The relevance to language change, however, is fundamentally linked to phonotactics. Here, the tendency will be for the middle of the syllable to take the loudest sound (most obviously a vowel) and the extremes to take the quietest: the most commonly given example is ‘plant’, with two obstruents on the outside, a vowel in the middle and a liquid and a nasal towards the middle. This will be allowed in most languages which allow consonants together at all (though many, even major ones such as Japanese and Indonesian, do not), but it will be specific to this order: *lpatn will not generally be allowed, nor even in all probability will *palnt or *plnat.

This is contested and languages do of course have exceptions, hence the use of the word “tendency” rather than “rule” in this post. Nevertheless, it can be used to predict changes or identify dialect variations. For example Latin tabula was fine (three syllables centred on a vowel), as is modern Italian tavola and even Catalan taula (two syllables), but modern French table is tricky, because in practice it has become a single syllable where the obstruent /b/ comes before the liquid /l/ (thus contrary to the hierarchy). Although it is pronounced this way in Standard French (/tabl/), we can predict that this will become unstable. In fact we know this, because in Quebec it is already generally pronounced simply /tab/, with the final /l/ dropped, which thus brings it back into line with the hierarchy.

This does not mean that sounds will not otherwise be lost: English ‘talk’ does conform to the hierarchy (the final obstruent comes after a liquid) but, nevertheless, the /l/ has been lost.
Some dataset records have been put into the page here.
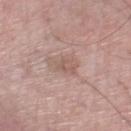Case summary:
• follow-up · imaged on a skin check; not biopsied
• illumination · white-light
• body site · the right lower leg
• lesion diameter · ~2.5 mm (longest diameter)
• subject · male, about 70 years old
• acquisition · ~15 mm crop, total-body skin-cancer survey

The hierarchy gives us a guide as to what to expect, but the “principle of least effort” can become all-conquering…

Romance languages’ past tense – and the Catalan oddity

If we look across the five major Western Romance languages – Portuguese, Spanish, Catalan, French and Italian (from west to east, as it were) – we can sometimes group them usefully. Quite often they fall into a single Iberian group on one hand and an Italo-Gallic group on the other; Catalan may tend towards the former but, as with locative pronouns, it can also go with the latter. There is one obvious way, however, in which it is a complete outlier.

When expressing the past in the modern spoken languages, there is an obvious divide between Iberian and Italo-Gallic. Iberian languages retain all three past formations – in Spanish, the imperfect (typically expressed in English by, for example, ‘I was singing’ or ‘I was asking’) is cantaba or pedía, the preterite or “past remote” (often expressed in English by ‘I sang’ or ‘I asked’) is canté or pedí, and the perfect (often ‘I have sung’ or ‘I have asked’) is he cantado or he pedido. Exactly how these are distinguished from each other varies (in particular, European Spanish uses the perfect markedly more often than most Latin American varieties); and modern Portuguese rarely uses the perfect other than to express something was continous (so tenho cantado or tenho pedido in most dialects would be understood more as ‘I have been singing’ or ‘I have been asking’). Fundamentally, however, the Iberian languages maintain all three grammatically, including in informal speech.

Italo-Gallic languages, at least Standard French and northern Italian, have largely abandoned the preterite in common use (though it may be found in formal texts, literature and, in Italian, in lyrics). Therefore, in French, j’ai chanté covers both ‘I sang’ and ‘I have sung’ (though it is distinguished from an imperfect: je chantais); and likewise in Italian ho cantato covers both (and is distinguished from imperfect cantavo). It is worth noting that the “past remote” form cantai will be heard in southern Italy which for clear historical reasons, both linguistically and culturally, is rather closer to Spanish anyway, and therefore learners may encounter all forms of the “past remote” at some stage; however, learners of both French and Italian can get away without proactively knowing the “past remote” forms (even if it is useful to recognise them). Hence, there is a clear boundary between Iberian languages which make regular use of the preterite (“past remote”) form in modern speech, and the Italo-Gallic languages which do not.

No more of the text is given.